By the central limit theorem, this should give us a normal distribution:

(can you do better than this example by playing with the number of iterations of the i and j loops above?)

h= plt.hist(u)

h= plt.hist(u, bins = 100)

plt.plot(sorted(u))

[<matplotlib.lines.Line2D at 0x7f040ac9a850>]

We can split our sequence into two vectors and look at their correlation in two dimensions:

plt.plot(u[:500],u[500:],"bo")

[<matplotlib.lines.Line2D at 0x7f03ff7a32d0>]

How does this pair of independent normal distributions differ from a pair of uniform distributions?

a = 16807
m = 2**31-1
z = 42
seq = []
u = []
for i in range(1000):
    seq.append(z)
    u.append(z/float(m))
    z = (a*z) % m

plt.plot(u[:500],u[500:],"ro")

[<matplotlib.lines.Line2D at 0x7f03ff7401d0>]

For tonight's homework, we need two more tools

Tool 1: the square root function from the math module

from math import sqrt

sqrt(3)

1.7320508075688772

Tool 2: User defined functions

Here, we define a function to calculate the median of a sequence of floats or ints.

The names in parenthesis on the first line define the parameters to be passed to the function (in this case, a single parameter for the sequence of numbers).

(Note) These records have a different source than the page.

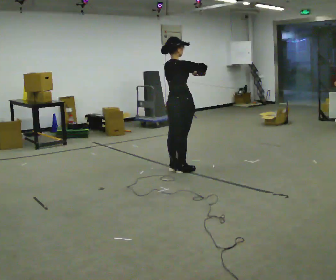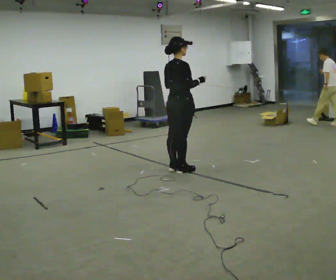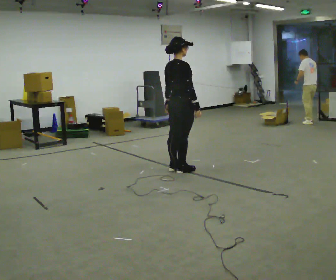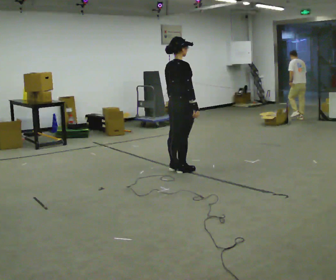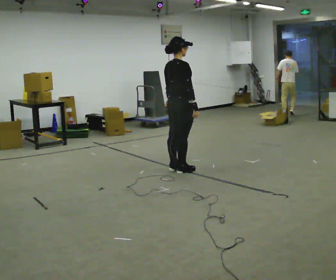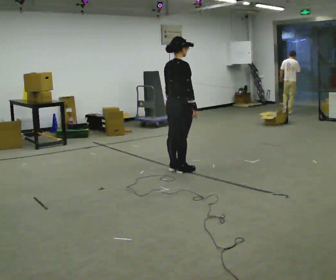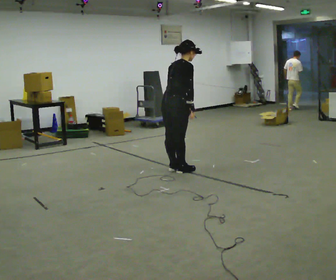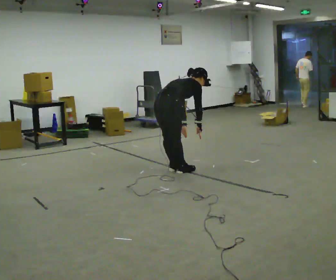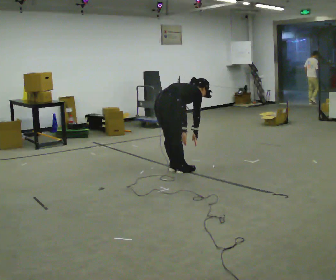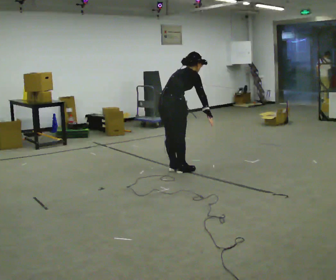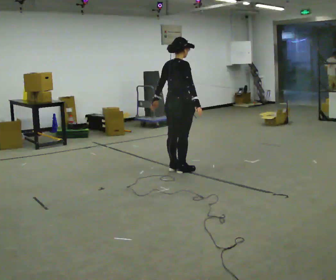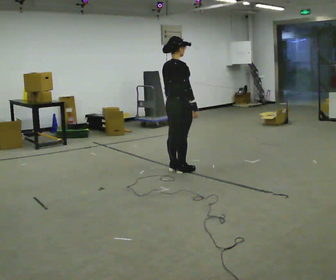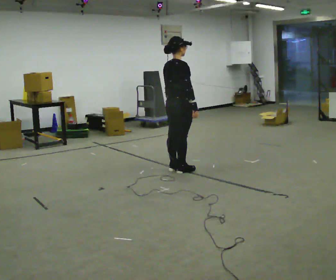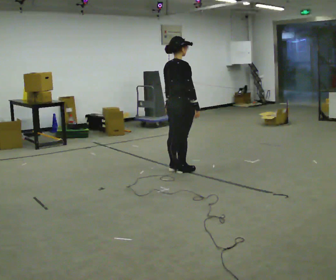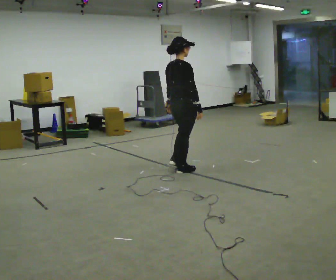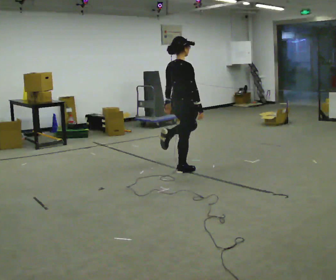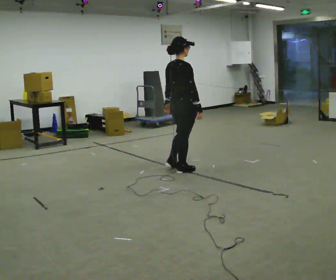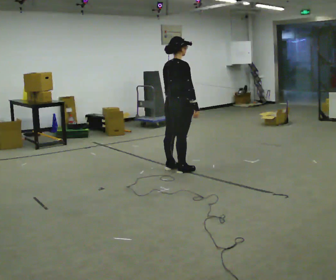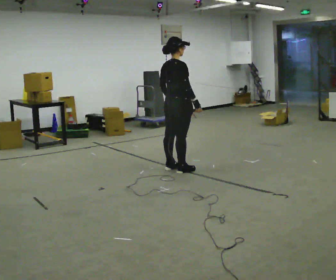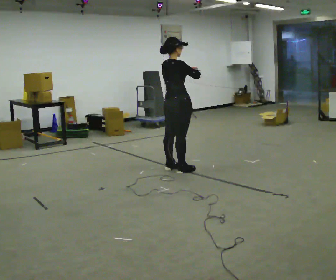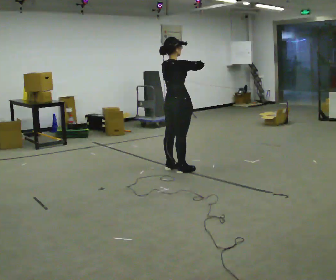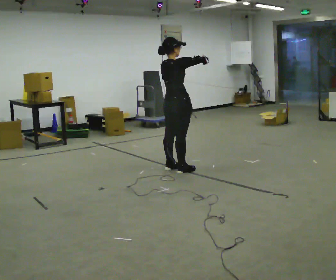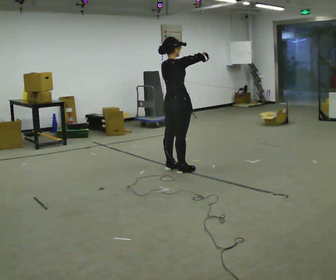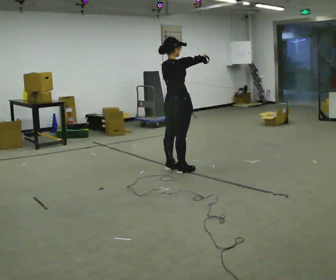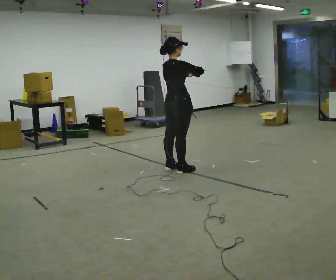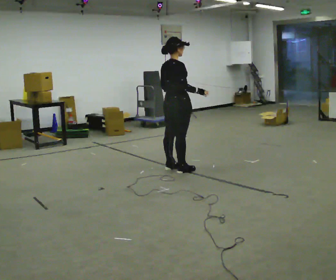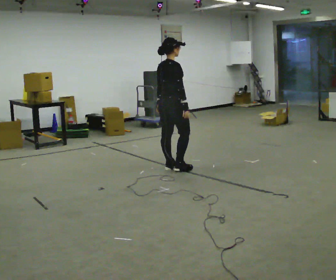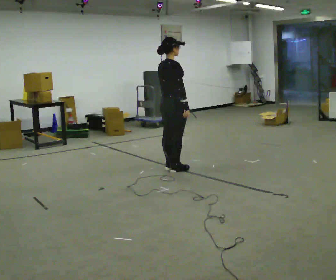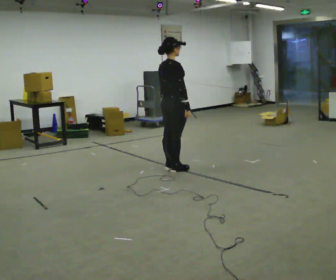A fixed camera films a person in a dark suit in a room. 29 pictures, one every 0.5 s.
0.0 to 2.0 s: In the picture their left hand goes downward.
2.0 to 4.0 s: In the picture they go to the left, about 0.25 m, which for them is backward. The upper body goes downward. In the picture the upper body tilts clockwise, shoulders to the right, as they bend forward. In the picture their left hand goes downward.
4.0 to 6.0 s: The shoulders move upward. In the picture the upper body tilts counterclockwise, shoulders to the left, as they lean back or straighten. In the picture their left hand goes upward.
6.0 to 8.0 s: The person moves a little, or ends about where they began.
8.0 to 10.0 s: In the picture their left hand goes upward.
10.0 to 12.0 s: The person moves a little, or ends about where they began.
12.0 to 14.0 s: In the picture their right hand goes downward.
The film runs forward here.
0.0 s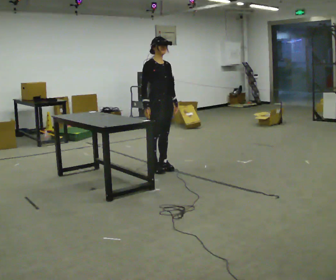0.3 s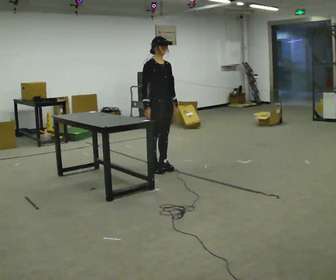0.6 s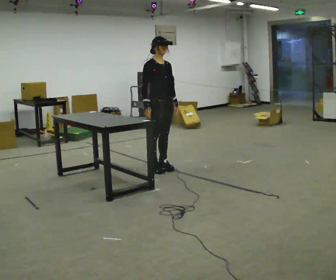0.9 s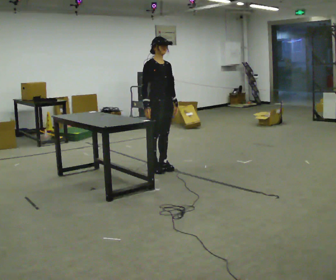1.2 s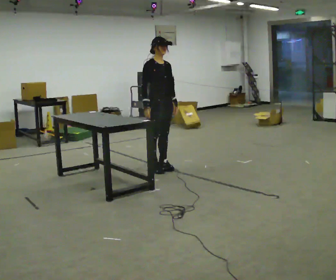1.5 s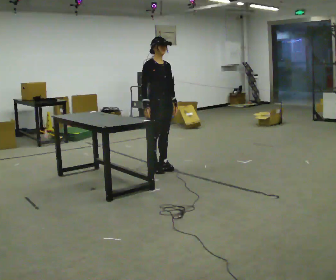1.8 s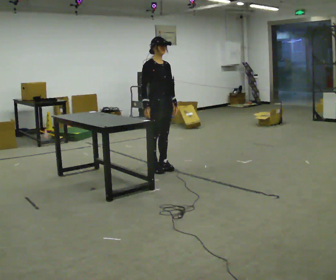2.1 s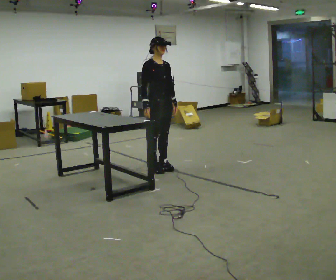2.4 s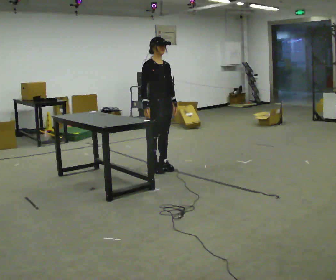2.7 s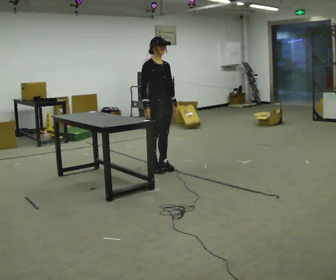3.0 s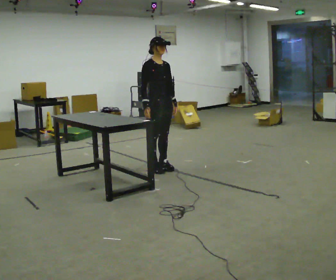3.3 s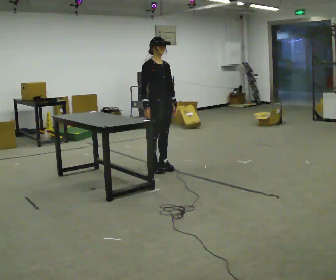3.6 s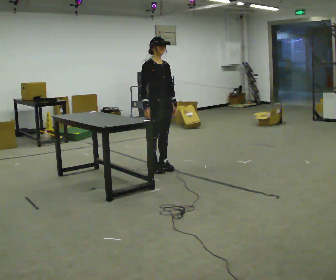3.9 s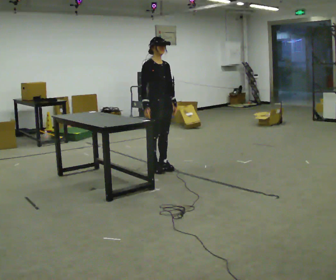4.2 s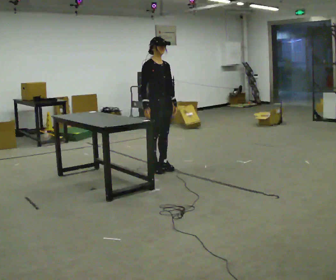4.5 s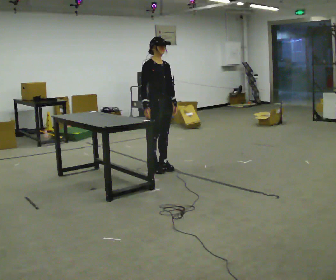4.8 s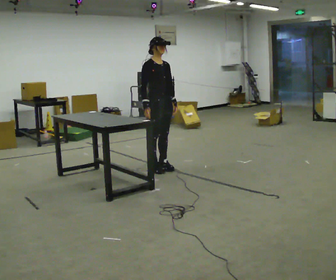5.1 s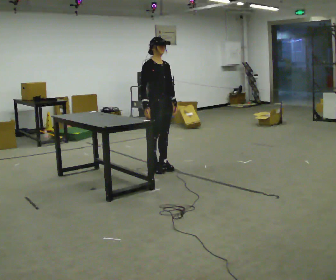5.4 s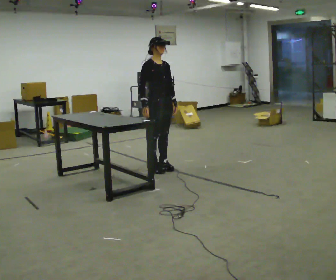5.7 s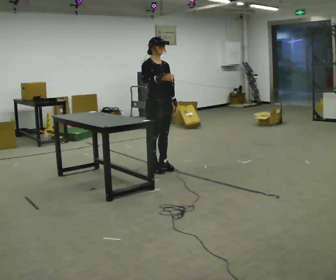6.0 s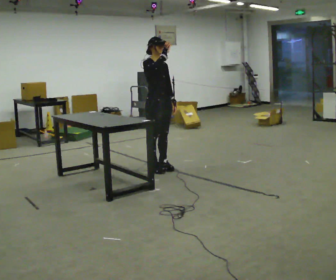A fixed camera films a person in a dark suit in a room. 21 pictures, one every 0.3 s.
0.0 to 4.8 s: The person moves a little, or ends about where they began.
4.8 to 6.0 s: In the picture their right hand goes upward.
The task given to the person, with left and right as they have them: Touch each numbered target to your side and behind you in the order the operator calls, without moving your feet. Keep both feet on the marked spots for the whole take. If you have to step, stop and tell the operator.
The film runs forward here.

The special return statement tells python to exit the function, returning the given value

def median(x):
    S = sorted(x)
    # Case 1: an odd number of elements in the list
    if(len(x) % 2 == 1):
        # Return the middle value (here, integer division is useful for indexing)
        return S[len(x)/2]
    # Case 2: an even number of elements in the list
    else:
        # Return the mean of the two middle elements
        return (S[len(x)/2]+S[len(x)/2-1])/2.

Testing both branches of the function for inputs with known outputs

median((1,2,3))

2

median((2,4,5,7))

4.5

Note that sorting the list is sufficient, but not necessary, for finding the median. We can find the median more quickly with a partial sort.